The man behind the counter consulted a woman who was doing the books. “Five hundred,” she said casually. I felt faint: P500 for a fancy Bic may be outrageous to you, but if they had ten of these and I had P5,000 on me I would have bought them up and retired on the profits. The pricing also told me that the sellers had probably found the pen among other effects in a large estate (you had to be very rich to own an accessory like this in the late ’20s) and had, themselves, paid very little if anything for it; many old pens come as bonuses to buyers of many-drawered antique cabinets, or even of cigar boxes, where they tended to be kept and forgotten.

I forked the money over. The man hesitated and my heart skipped a beat. “I’m sorry,” he said, “but we don’t have a small box to put it in.”
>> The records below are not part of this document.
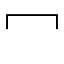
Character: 冖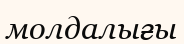
молдалығы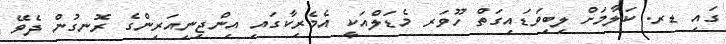
ގައި ޑރ. ކަލާމަށް ލިބިވަޑައިގަތް ހޫވަރ މެޑަލްއަކީ އެމެރިކާގައި އިންޖިނިއަރިންގެ ރޮނގުން ދެވޭ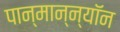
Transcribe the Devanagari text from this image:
पान्मान्न्यॉन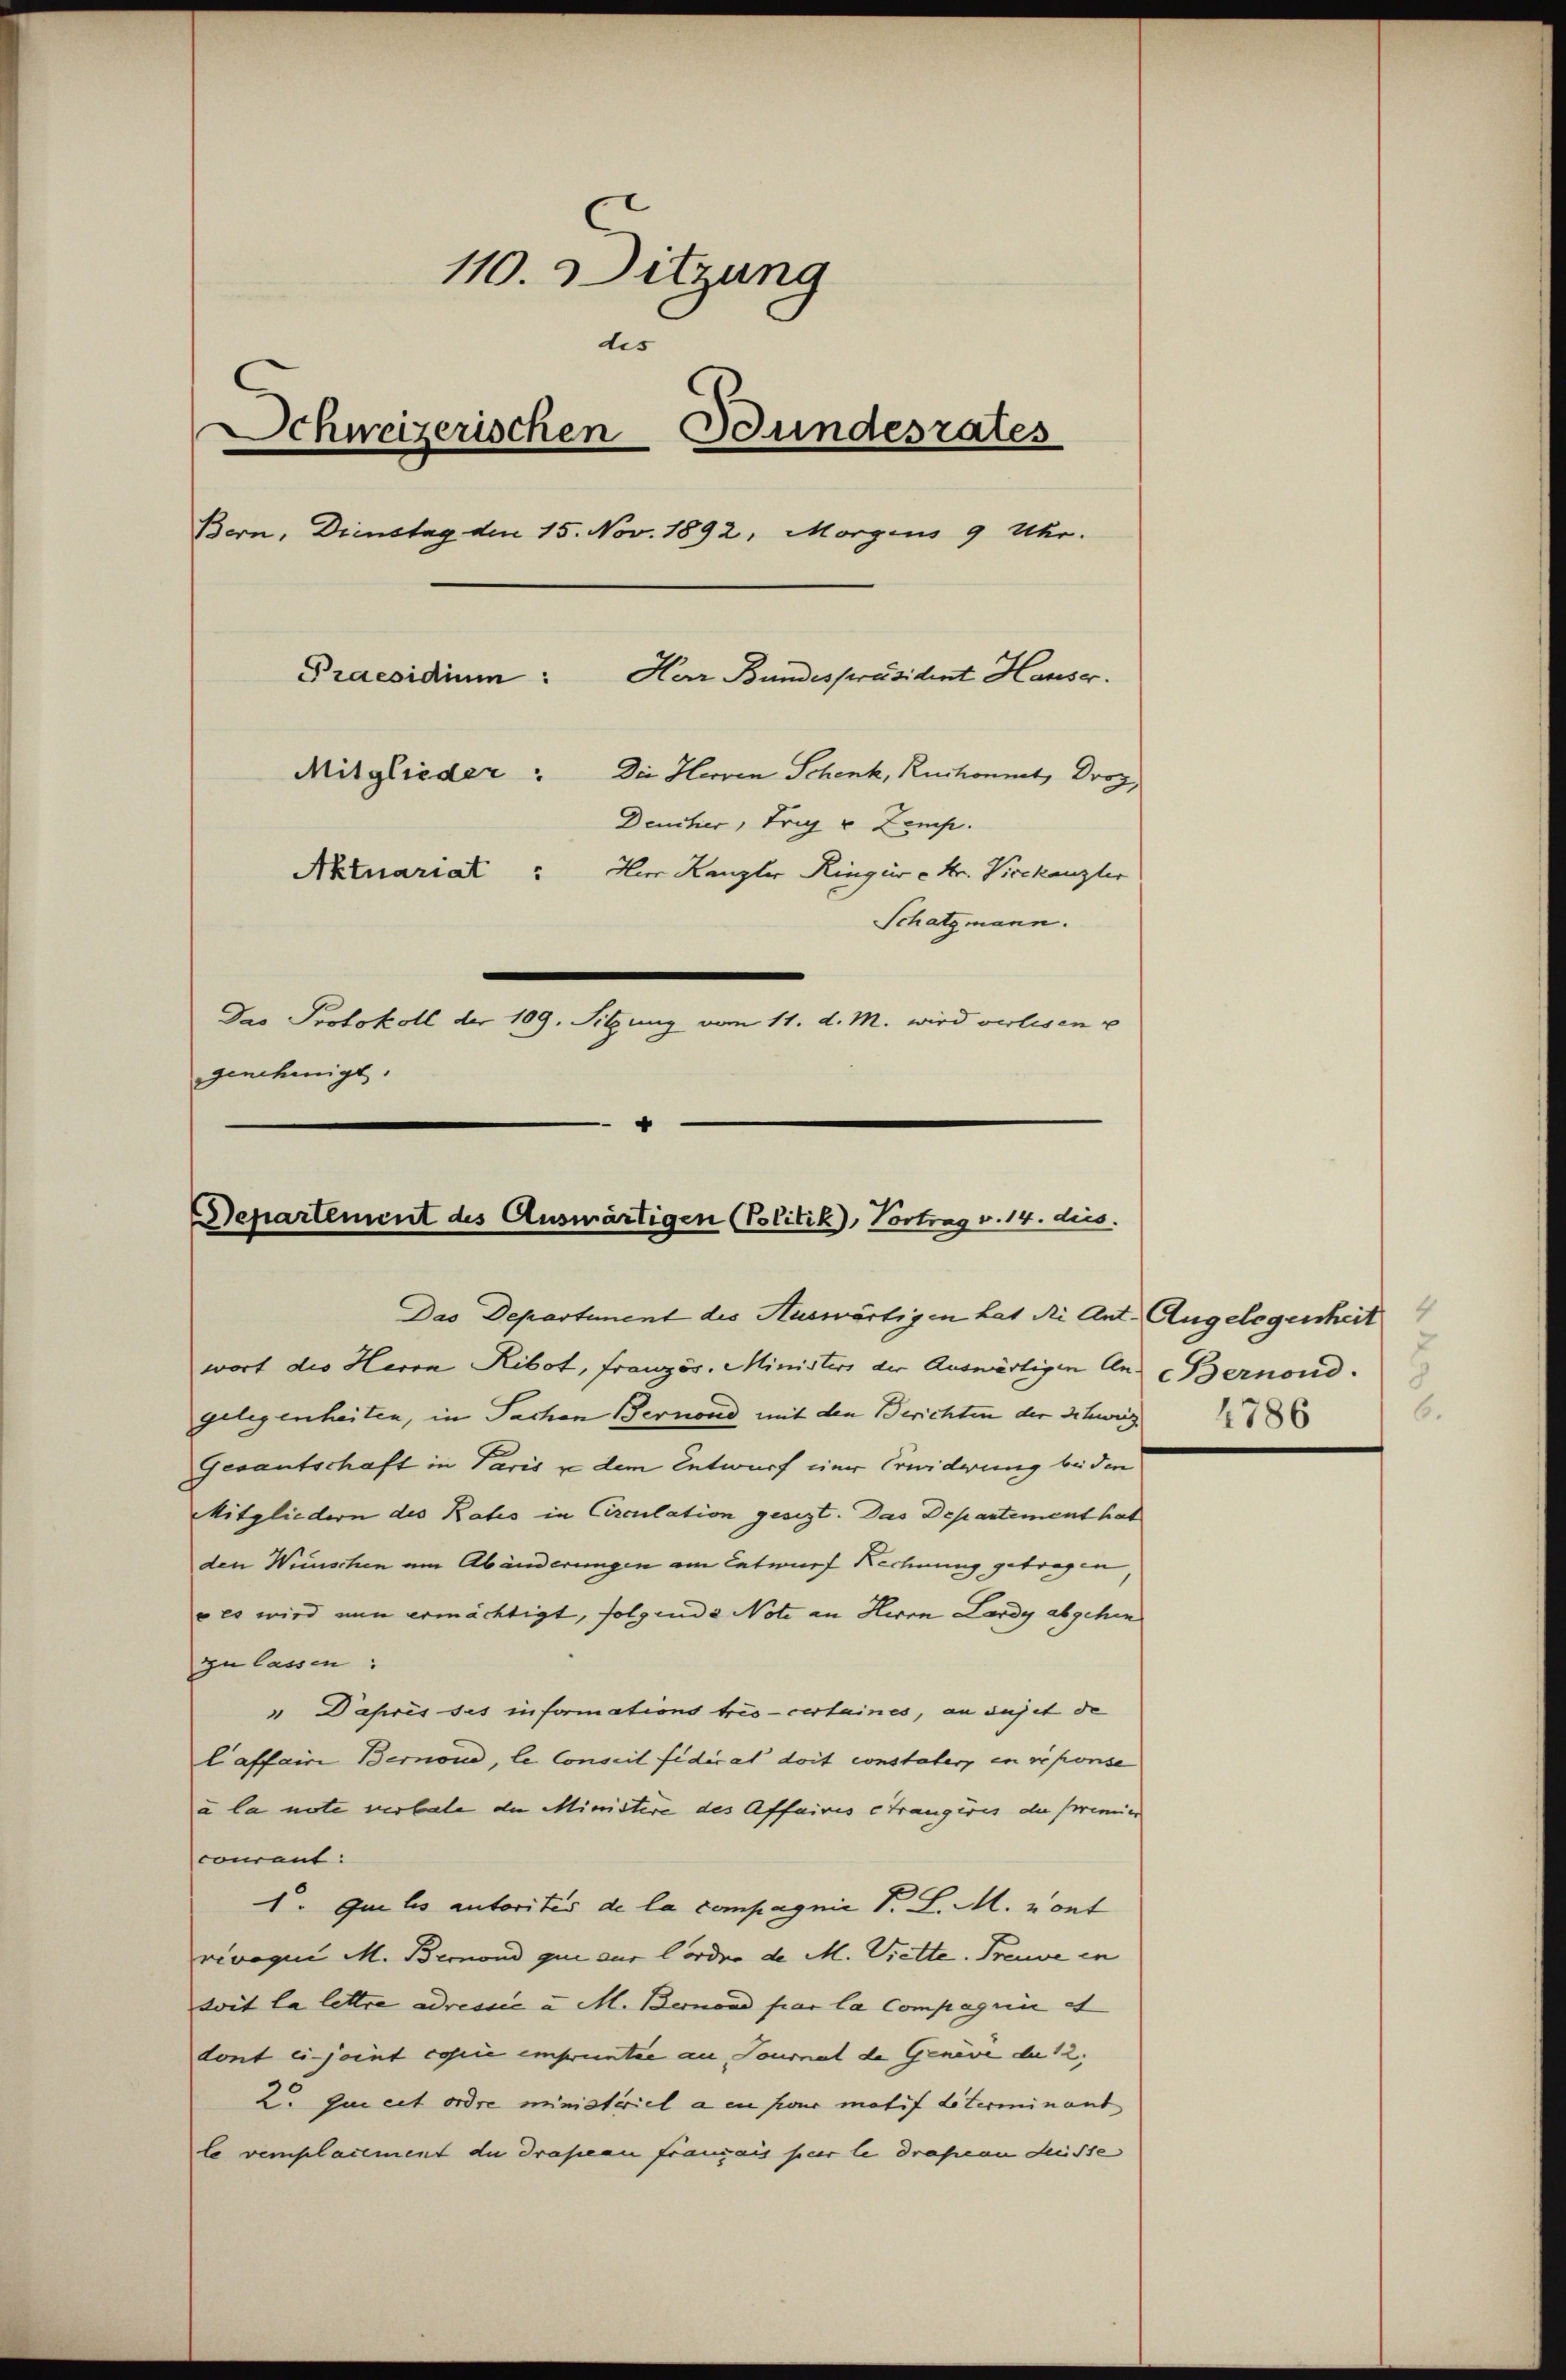
110. Sitzung
dis
Schweizerischen Bundesrates
Bern, Dienstag den 15. Nov. 1892, Morgens 9 Uhr.
Praesidium:
Herr Bundespräsident Hauser.
Mitglieder: Die Herren Schenk, Ruckommt, Droz.
Deucher, Trig v Zemp.
Aktuariat Herr Kanzler Ringiis e Hr. Vieckanzler
Schatzmann.
Das Protokoll der 109. Sitzung vom 11. d. M. wird verlesen u
genehmigt.

wort des Herrn Ribot, Französ. Ministers der Auswärtigen Aus (Bernond.
gelegenheiten, in Sachen Gernord mit den Berichten der Schweiz 186
Gesantschaft in Paris u dem Entwurf einer Erwiderung bei den
Mitgliedern des Rats in Circulation gesezt. Das Departement hat
den Wienschen am Abänderungen am Entwurf Rechnung getragen,
 es wird nun ermächtigt, folgende Note an Herrn Lardy abgehen
zu lassen:
" Dapris des informations tris certaines, an sujet de
laffain Bernou, le Conseil fidiret doit constater en reponse
a la note verbale die Ministire des Affaires étrangères die premier
concent:
1. Quiles autorites de la compagnie P. L. M. Kont
vivoque M. Bernond qui aus Corden de M. Viette. Treuve in
soit la lettre adressie a M. Bermond par la Compagnie et
dont eijoint copie empruntre an, Tournal de Genève de 12.
Z. qui est ordre ministeriel a en four matif literminant
le vemplacement du draseau franzais per le drasien desse

Departement des Auswärtigen (Politik, Vortrag v. 14. dies
Das Departinent des Auswärtigen hat die Ant. Angelegenheit

6.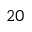
2 0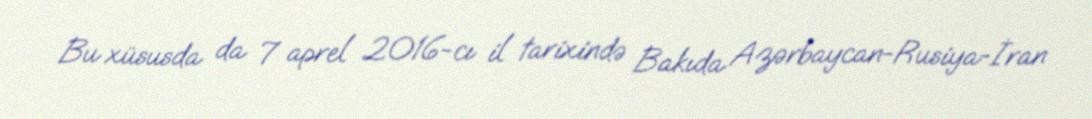
Bu xüsusda da 7 aprel 2016-cı il tarixində Bakıda Azərbaycan-Rusiya-İran
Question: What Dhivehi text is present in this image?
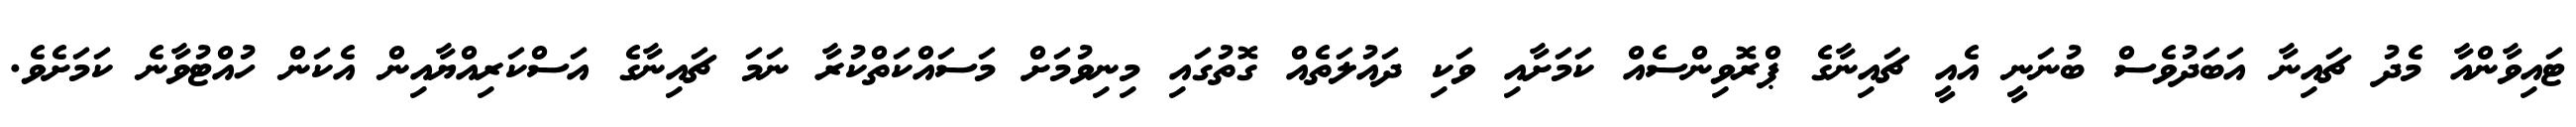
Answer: ޓައިވާންއާ މެދު ޗައިނާ އަބަދުވެސް ބުނަނީ އެއީ ޗައިނާގެ ޕްރޮވިންސެއް ކަމަށާއި ވަކި ދައުލަތެއް ގޮތުގައި މިނިވުމަށް މަސައްކަތްކުރާ ނަމަ ޗައިނާގެ އަސްކަރިއްޔާއިން އެކަން ހުއްޓުވާނެ ކަމަށެވެ.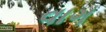
વાગ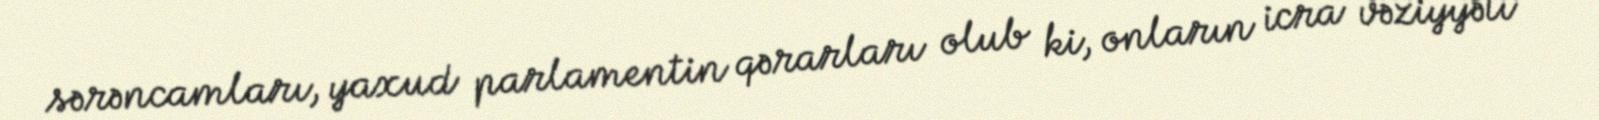
sərəncamları, yaxud parlamentin qərarları olub ki, onların icra vəziyyəti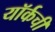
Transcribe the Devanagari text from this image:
यॉर्कची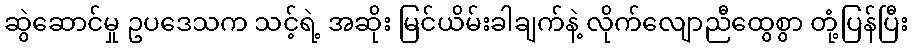
ဆွဲဆောင်မှု ဥပဒေသက သင့်ရဲ့ အဆိုး မြင်ယိမ်းခါချက်နဲ့ လိုက်လျောညီထွေစွာ တုံ့ပြန်ပြီး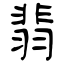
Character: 翡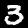
Digit: 3
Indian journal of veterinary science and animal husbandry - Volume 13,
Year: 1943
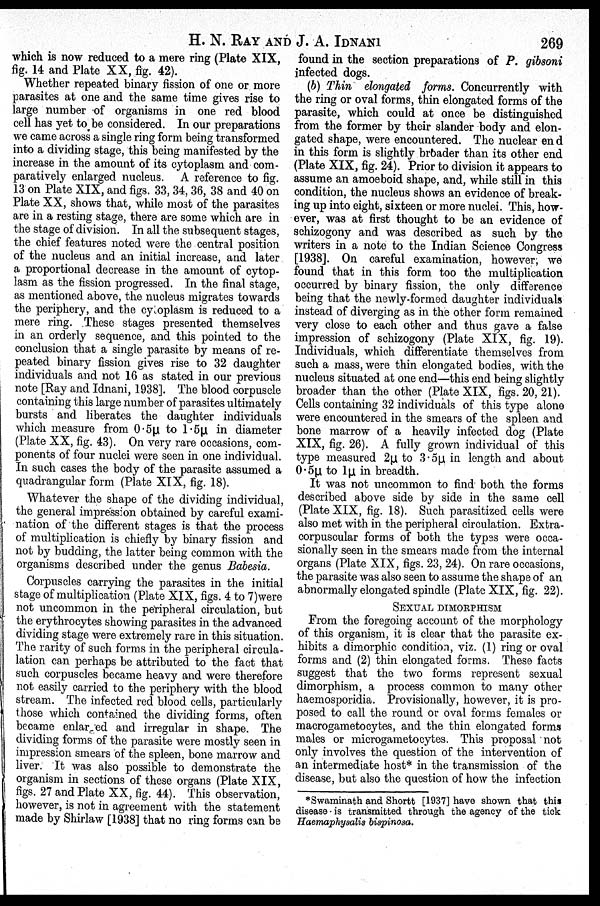
H. N. RAY AND J. A. IDNANI 269
which is now reduced to a mere ring (Plate XIX,
fig. 14 and Plate XX, fig. 42).
Whether repeated binary fission of one or more
parasites at one and the same time gives rise to
large number of organisms in one red blood
cell has yet to be considered. In our preparations
we came across a single ring form being transformed
into a dividing stage, this being manifested by the
increase in the amount of its cytoplasm and com-
paratively enlarged nucleus. A reference to fig.
13 on Plate XIX, and figs. 33, 34, 36, 38 and 40 on
Plate XX, shows that, while most of the parasites
are in a resting stage, there are some which are in
the stage of division. In all the subsequent stages,
the chief features noted were the central position
of the nucleus and an initial increase, and later
a proportional decrease in the amount of cytop-
lasm as the fission progressed. In the final stage,
as mentioned above, the nucleus migrates towards
the periphery, and the cytoplasm is reduced to a
mere ring. These stages presented themselves
in an orderly sequence, and this pointed to the
conclusion that a single parasite by means of re-
peated binary fission gives rise to 32 daughter
individuals and not 16 as stated in our previous
note [Ray and Idnani, 1938]. The blood corpuscle
containing this large number of parasites ultimately
bursts and liberates the daughter individuals
which measure from 0.5µ to 1.5µ in diameter
(Plate XX, fig. 43). On very rare occasions, com-
ponents of four nuclei were seen in one individual.
In such cases the body of the parasite assumed a
quadrangular form (Plate XIX, fig. 18).
Whatever the shape of the dividing individual,
the general impression obtained by careful exami-
nation of the different stages is that the process
of multiplication is chiefly by binary fission and
not by budding, the latter being common with the
organisms described under the genus Babesia.
Corpuscles carrying the parasites in the initial
stage of multiplication (Plate XIX, figs. 4 to 7)were
not uncommon in the peripheral circulation, but
the erythrocytes showing parasites in the advanced
dividing stage were extremely rare in this situation.
The rarity of such forms in the peripheral circula-
--tion can perhaps be attributed to the fact that
such corpuscles became heavy and were therefore
not easily carried to the periphery with the blood
stream. The infected red blood cells, particularly
those which contained the dividing forms, often
became enlarged and irregular in shape. The
dividing forms of the parasite were mostly seen in
impression smears of the spleen, bone marrow and
liver. It was also possible to demonstrate the
organism in sections of these organs (Plate XIX,
figs. 27 and Plate XX, fig. 44). This observation,
however, is not in agreement with the statement
made by Shirlaw [1938] that no ring forms can be
found in the section preparations of P. gibsoni
infected dogs.
(b) Thin elongated forms. Concurrently with
the ring or oval forms, thin elongated forms of the
parasite, which could at once be distinguished
from the former by their slander body and elon-
gated shape, were encountered. The nuclear end
in this form is slightly brbader than its other end
(Plate XIX, fig. 24). Prior to division it appears to
assume an amoeboid shape, and, while still in this
condition, the nucleus shows an evidence of break-
ing up into eight, sixteen or more nuclei. This, how-
ever, was at first thought to be an evidence of
schizogony and was described as such by the
writers in a note to the Indian Science Congress
[1938]. On careful examination, however; we
found that in this form too the multiplication
occurred by binary fission, the only difference
being that the newly-formed daughter individuals
instead of diverging as in the other form remained
very close to each other and thus gave a false
impression of schizogony (Plate XIX, fig. 19).
Individuals, which differentiate themselves from
such a mass, were thin elongated bodies, with the
nucleus situated at one end—this end being slightly
broader than the other (Plate XIX, figs. 20, 21).
Cells containing 32 individuals of this type alone
were encountered in the smears of the spleen and
bone marrow of a heavily infected dog (Plate
XIX, fig. 26). A fully grown individual of this
type measured 2µ to 3.5µ in length and about
0.5µ to 1µ in breadth.
It was not uncommon to find both the forms
described above side by side in the same cell
(Plate XIX, fig. 18). Such parasitized cells were
also met with in the peripheral circulation. Extra-
corpuscular forms of both the types were occa-
sionally seen in the smears made from the internal
organs (Plate XIX, figs. 23, 24). On rare occasions,
the parasite was also seen to assume the shape of an
abnormally elongated spindle (Plate XIX, fig. 22).
SEXUAL DIMORPHISM
From the foregoing account of the morphology
of this organism, it is clear that the parasite ex-
hibits a dimorphic condition, viz. (1) ring or oval
forms and (2) thin elongated forms. These facts
suggest that the two forms represent sexual
dimorphism, a process common to many other
haemosporidia. Provisionally, however, it is pro-
posed to call the round or oval forms females or
macrogametocytes, and the thin elongated forms
males or microgametocytes. This proposal not
only involves the question of the intervention of
an intermediate host* in the transmission of the
disease, but also the question of how the infection
*Swaminath and Shortt [1937] have shown that this
disease is transmitted through the agency of the tick
Haemaphysalis bispinosa.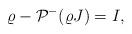
LaTeX: \begin{align*} \varrho-\mathcal{P}^{-}(\varrho J)=I,\end{align*}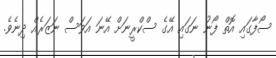
ސޯފާގައި އޮތް ފޯނު ނަގައި އޭގެ ސްކްރީނަށް އޭނަ އަވަސް ނަޒަރެއް ދިނެވެ.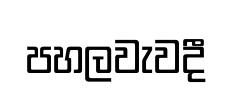
පහලවැවදී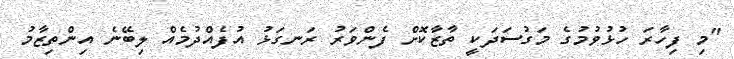
"މި ފިހާރަ ހުޅުވުމުގެ މަގުސަދަކީ ތާޒާކޮށް ފެންވަރު ރަނގަޅު އުފެއްދުމެއް ލިބޭނެ އިންތިޒާމު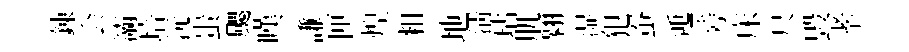
錬会灞培沅蚩颸嘆謙匣煌粗地淸玷肌翱湿犯蚕𨓱旁床尺毁孝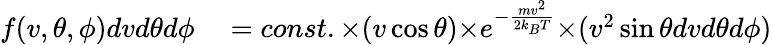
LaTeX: \begin{array}{rl}{f(v,\theta,\phi)dv{d\theta}d\phi}&{{}=const.{\times}(v\cos{\theta}){\times}e^{-{\frac{mv^{2}}{2k_{B}T}}}{\times}(v^{2}\sin{\theta}dv{d\theta}d\phi)}\end{array}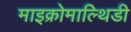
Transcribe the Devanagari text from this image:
माइक्रोमाल्थिडी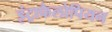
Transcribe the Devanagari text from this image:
इंट्राफैलोपियन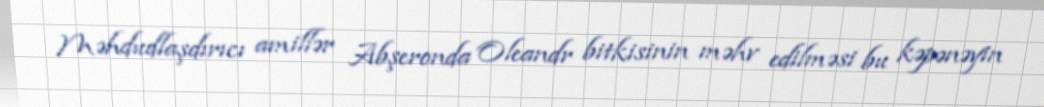
Məhdudlaşdırıcı amillər Abşeronda Oleandr bitkisinin məhv edilməsi bu kəpənəyin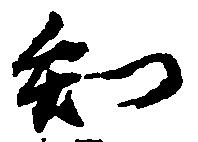
知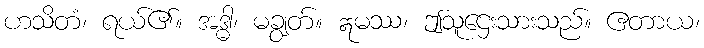
ဟသိတံ၊ ရယ်၏။ အဒ္ဓါ၊ မချွတ်။ ဣမဿ၊ ဤသူဌေးသားသည်။ ဧတာယ၊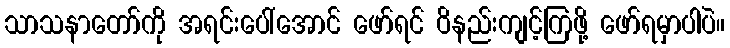
သာသနာတော်ကို အရင်းပေါ်အောင် ဖော်ရင် ဝိနည်းကျင့်ကြဖို့ ဖော်ရမှာပါပဲ။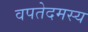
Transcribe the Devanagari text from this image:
वपतेदमस्य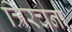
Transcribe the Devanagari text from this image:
त्रिरचना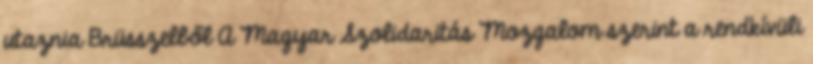
utaznia Brüsszelből A Magyar Szolidaritás Mozgalom szerint a rendkívüli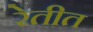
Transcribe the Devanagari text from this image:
रेतीत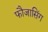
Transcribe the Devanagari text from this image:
फौजासिंग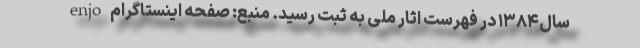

“Oh, that’s all right,” I managed to say, taking full and final possession of the Swan and sticking it into my pocket, where I was certain that God Almighty had always intended it to belong. Surely, there was more than a touch of justice here. How many times, during my months in England, had I revisited and salivated over the fabulous pens on Portobello Road, going home to Norwich with little more than a jar of bagoong and a packet of Chippy from the Filipino food store at Earls Court? Just how many of the half-dozen Pinoys who can tell a Swan Eternal from a Rubber Ducky stumble into one, in a mall buzzing with Nokia ringtones, and get to bring it home for the price of a phone card?

I treated Beng out to a lunch of noodles and siopao and proudly showed her my prize find. She herself prefers to pick up old blue and ruby-red bottles, but has developed a grudging respect for and even some expertise in my objects of choice—once spotting, at a cowshed fair in Ohio, a circa-1930 lapis-blue Parker Duofold Junior which I bought for $5 and later traded for my first Montblanc. “It’s gorgeous,” she agreed, “but you should have asked for a discount.” Spoken, I suppose, like a true shopper.

But this wasn’t shopping, Beng. This was serendipity, for which I can only thank my lucky stars and, yes, you, for dragging me out of my Sunday-morning stupor to find kitchenware for newlyweds.